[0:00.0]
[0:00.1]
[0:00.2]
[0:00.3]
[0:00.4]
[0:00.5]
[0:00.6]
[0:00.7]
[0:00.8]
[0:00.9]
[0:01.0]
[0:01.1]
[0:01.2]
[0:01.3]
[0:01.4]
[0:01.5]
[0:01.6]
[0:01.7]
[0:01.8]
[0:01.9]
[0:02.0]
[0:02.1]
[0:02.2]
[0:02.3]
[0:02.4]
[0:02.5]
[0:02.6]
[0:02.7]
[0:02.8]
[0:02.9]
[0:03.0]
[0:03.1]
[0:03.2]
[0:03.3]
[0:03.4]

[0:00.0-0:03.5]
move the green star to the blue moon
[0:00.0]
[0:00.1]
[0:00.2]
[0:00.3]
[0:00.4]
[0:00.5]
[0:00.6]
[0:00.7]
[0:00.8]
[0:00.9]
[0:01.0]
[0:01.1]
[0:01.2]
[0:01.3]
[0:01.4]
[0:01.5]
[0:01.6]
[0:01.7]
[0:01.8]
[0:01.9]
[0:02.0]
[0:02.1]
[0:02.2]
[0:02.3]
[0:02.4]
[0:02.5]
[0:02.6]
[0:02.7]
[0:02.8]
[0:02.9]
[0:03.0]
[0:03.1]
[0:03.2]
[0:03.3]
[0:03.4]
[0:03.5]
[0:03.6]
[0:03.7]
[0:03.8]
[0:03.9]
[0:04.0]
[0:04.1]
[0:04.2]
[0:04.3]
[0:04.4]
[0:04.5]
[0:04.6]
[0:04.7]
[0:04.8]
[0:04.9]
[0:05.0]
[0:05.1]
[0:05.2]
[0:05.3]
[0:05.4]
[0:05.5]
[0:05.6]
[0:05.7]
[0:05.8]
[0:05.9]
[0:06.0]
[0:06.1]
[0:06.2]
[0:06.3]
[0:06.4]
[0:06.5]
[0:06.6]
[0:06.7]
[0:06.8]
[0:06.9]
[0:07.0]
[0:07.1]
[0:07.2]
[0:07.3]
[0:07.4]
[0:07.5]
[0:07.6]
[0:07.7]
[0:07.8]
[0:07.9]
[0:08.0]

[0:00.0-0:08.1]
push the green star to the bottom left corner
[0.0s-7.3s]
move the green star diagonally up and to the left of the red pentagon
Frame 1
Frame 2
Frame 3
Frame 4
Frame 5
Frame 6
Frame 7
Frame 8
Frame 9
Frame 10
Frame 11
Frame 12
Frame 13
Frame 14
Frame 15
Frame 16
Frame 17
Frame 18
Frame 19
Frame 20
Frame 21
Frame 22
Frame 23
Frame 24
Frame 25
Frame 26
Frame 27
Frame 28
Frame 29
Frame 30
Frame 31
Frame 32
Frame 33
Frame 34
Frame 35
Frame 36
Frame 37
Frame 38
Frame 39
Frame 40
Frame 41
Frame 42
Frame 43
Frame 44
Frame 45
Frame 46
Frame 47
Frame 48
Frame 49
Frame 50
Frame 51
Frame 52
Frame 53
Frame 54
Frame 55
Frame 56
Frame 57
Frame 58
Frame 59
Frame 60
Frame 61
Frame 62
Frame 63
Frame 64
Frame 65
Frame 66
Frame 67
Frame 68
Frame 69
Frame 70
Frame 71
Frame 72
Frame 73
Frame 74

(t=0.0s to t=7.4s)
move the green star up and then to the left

• [Work required] This exercise asks for every line of the records to be repeated exactly.

• [Your solution]
[0:00.0]
[0:00.1]
[0:00.2]
[0:00.3]
[0:00.4]
[0:00.5]
[0:00.6]
[0:00.7]
[0:00.8]
[0:00.9]
[0:01.0]
[0:01.1]
[0:01.2]
[0:01.3]
[0:01.4]
[0:01.5]
[0:01.6]
[0:01.7]
[0:01.8]
[0:01.9]
[0:02.0]
[0:02.1]
[0:02.2]
[0:02.3]
[0:02.4]
[0:02.5]
[0:02.6]
[0:02.7]
[0:02.8]
[0:02.9]
[0:03.0]
[0:03.1]
[0:03.2]
[0:03.3]
[0:03.4]

[0:00.0-0:03.5]
move the green star to the blue moon
[0:00.0]
[0:00.1]
[0:00.2]
[0:00.3]
[0:00.4]
[0:00.5]
[0:00.6]
[0:00.7]
[0:00.8]
[0:00.9]
[0:01.0]
[0:01.1]
[0:01.2]
[0:01.3]
[0:01.4]
[0:01.5]
[0:01.6]
[0:01.7]
[0:01.8]
[0:01.9]
[0:02.0]
[0:02.1]
[0:02.2]
[0:02.3]
[0:02.4]
[0:02.5]
[0:02.6]
[0:02.7]
[0:02.8]
[0:02.9]
[0:03.0]
[0:03.1]
[0:03.2]
[0:03.3]
[0:03.4]
[0:03.5]
[0:03.6]
[0:03.7]
[0:03.8]
[0:03.9]
[0:04.0]
[0:04.1]
[0:04.2]
[0:04.3]
[0:04.4]
[0:04.5]
[0:04.6]
[0:04.7]
[0:04.8]
[0:04.9]
[0:05.0]
[0:05.1]
[0:05.2]
[0:05.3]
[0:05.4]
[0:05.5]
[0:05.6]
[0:05.7]
[0:05.8]
[0:05.9]
[0:06.0]
[0:06.1]
[0:06.2]
[0:06.3]
[0:06.4]
[0:06.5]
[0:06.6]
[0:06.7]
[0:06.8]
[0:06.9]
[0:07.0]
[0:07.1]
[0:07.2]
[0:07.3]
[0:07.4]
[0:07.5]
[0:07.6]
[0:07.7]
[0:07.8]
[0:07.9]
[0:08.0]

[0:00.0-0:08.1]
push the green star to the bottom left corner
[0.0s-7.3s]
move the green star diagonally up and to the left of the red pentagon
Frame 1
Frame 2
Frame 3
Frame 4
Frame 5
Frame 6
Frame 7
Frame 8
Frame 9
Frame 10
Frame 11
Frame 12
Frame 13
Frame 14
Frame 15
Frame 16
Frame 17
Frame 18
Frame 19
Frame 20
Frame 21
Frame 22
Frame 23
Frame 24
Frame 25
Frame 26
Frame 27
Frame 28
Frame 29
Frame 30
Frame 31
Frame 32
Frame 33
Frame 34
Frame 35
Frame 36
Frame 37
Frame 38
Frame 39
Frame 40
Frame 41
Frame 42
Frame 43
Frame 44
Frame 45
Frame 46
Frame 47
Frame 48
Frame 49
Frame 50
Frame 51
Frame 52
Frame 53
Frame 54
Frame 55
Frame 56
Frame 57
Frame 58
Frame 59
Frame 60
Frame 61
Frame 62
Frame 63
Frame 64
Frame 65
Frame 66
Frame 67
Frame 68
Frame 69
Frame 70
Frame 71
Frame 72
Frame 73
Frame 74

(t=0.0s to t=7.4s)
move the green star up and then to the left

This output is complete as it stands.